ExpoFin combines our legal enforcement expertise with technology to create enforceable, standardised transaction documentation—especially for small to mid-sized trades between €500,000 and €10 million. For many lenders, these deals fall below the threshold where traditional legal support is cost-effective. But the risks remain just as real. 

Without proper structuring, even the most promising transaction can collapse. We’ve seen promissory notes referencing bills of lading ruled void, personal guarantees rendered unenforceable, and collateral that—while listed—was impossible to seize under local law. ExpoFin anticipates these issues, ensuring that contracts are not just well-drafted, but enforceable in the real world. 

Closing the Trade Finance Gap 

One of the industry’s biggest challenges is the trade finance gap, which disproportionately affects SMEs. Smaller deals are often overlooked due to the perceived complexity and cost of due diligence. Yet these companies represent the backbone of global supply chains. 

ExpoFin aims to change that—by offering jurisdiction-specific, enforceable documentation at a fixed, predictable cost, delivered within ten working days. Our solution helps lenders justify financing smaller deals while lowering risk exposure. It also empowers exporters to enter unfamiliar markets with greater confidence. 

And while ExpoFin uses proprietary software to streamline structuring, its strength lies in its foundation: human insight, drawn from thousands of claims, disputes, and recoveries around the world. 

Local Insight, International Impact 

No matter how advanced technology becomes, the value of local intelligence cannot be overstated. In many regions, an informal conversation with a local auditor or a quiet check of court filings reveals more than any digital screening. A buyer’s reputation—unknown to the cloud but well-known in the community—can say more than their financials. 

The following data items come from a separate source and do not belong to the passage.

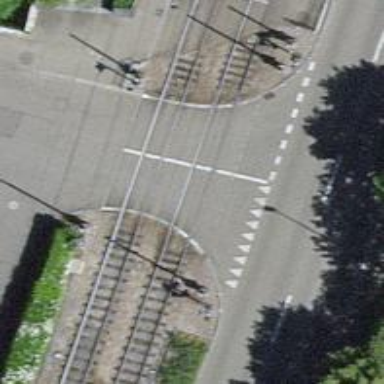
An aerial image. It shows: Level crossing along the railway.
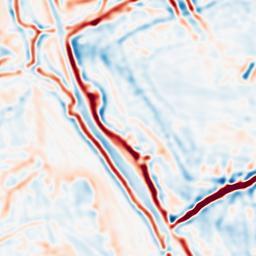
Category: multiscale
Decomposition family: log
Decomposition parameters: sigma: 3
Upsampling method: cubic_mitchell
Upsampling parameters: scale: 4
Upsampling scale: 4
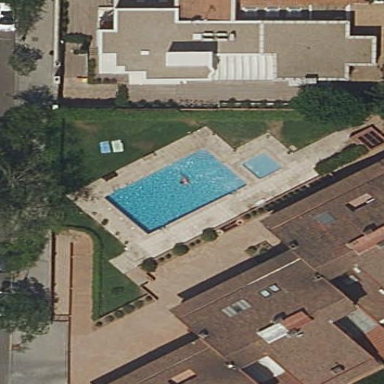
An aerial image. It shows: Swimming pool located in leisure land.
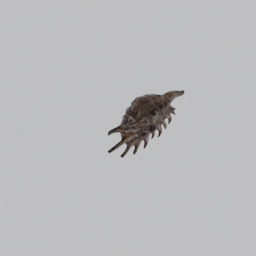
Label: animals
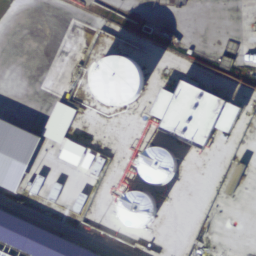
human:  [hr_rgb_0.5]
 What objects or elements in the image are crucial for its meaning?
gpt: storage tanks
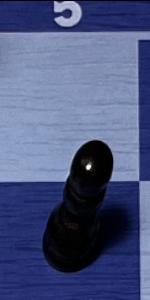
Label: Pawn_Black
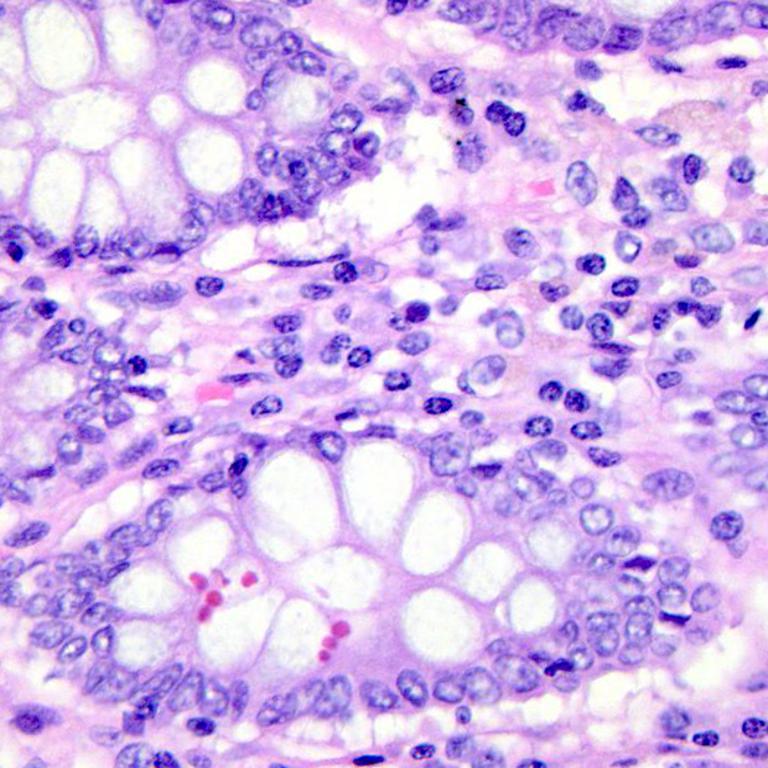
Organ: colon
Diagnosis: benign
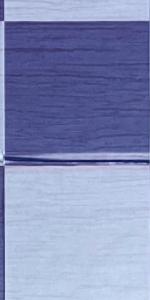
Label: Empty
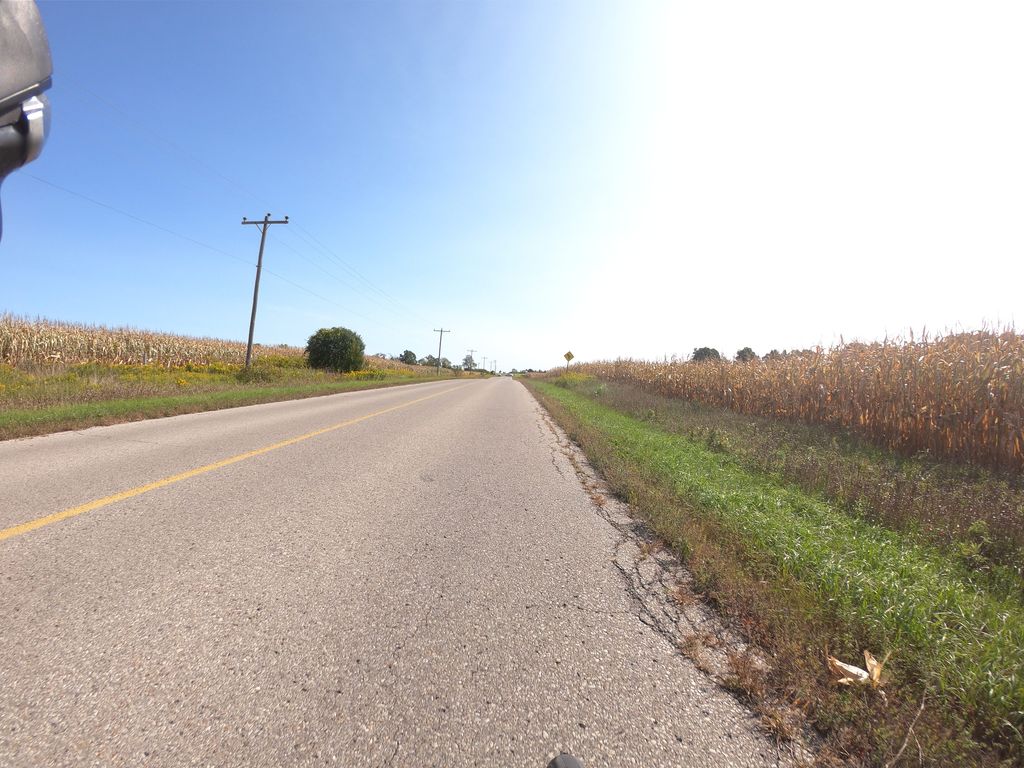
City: kitchener-waterloo

Recovery Advisers’ international network, built over 16 years of hands-on work, enables us to uncover these hidden signals. Whether it’s confirming tax compliance, verifying assets, or evaluating the real ownership structure behind a foreign buyer, our team brings clarity where opacity is the norm. 

 

Final thoughts  

International trade is based on trust – but trust alone is not a risk strategy. While technology can flag anomalies and streamline processes, it takes human intelligence to validate what matters most—intent, integrity, and enforceability. 

At Recovery Advisers and through ExpoFin, we don’t just provide advice—we bring solutions grounded in real-world outcomes. Because preventing fraud and ensuring transaction success isn’t about choosing between humans and technology. It’s about knowing where each has its place. 

And when it comes to navigating the complex risks of cross-border trade, human presence still makes all the difference.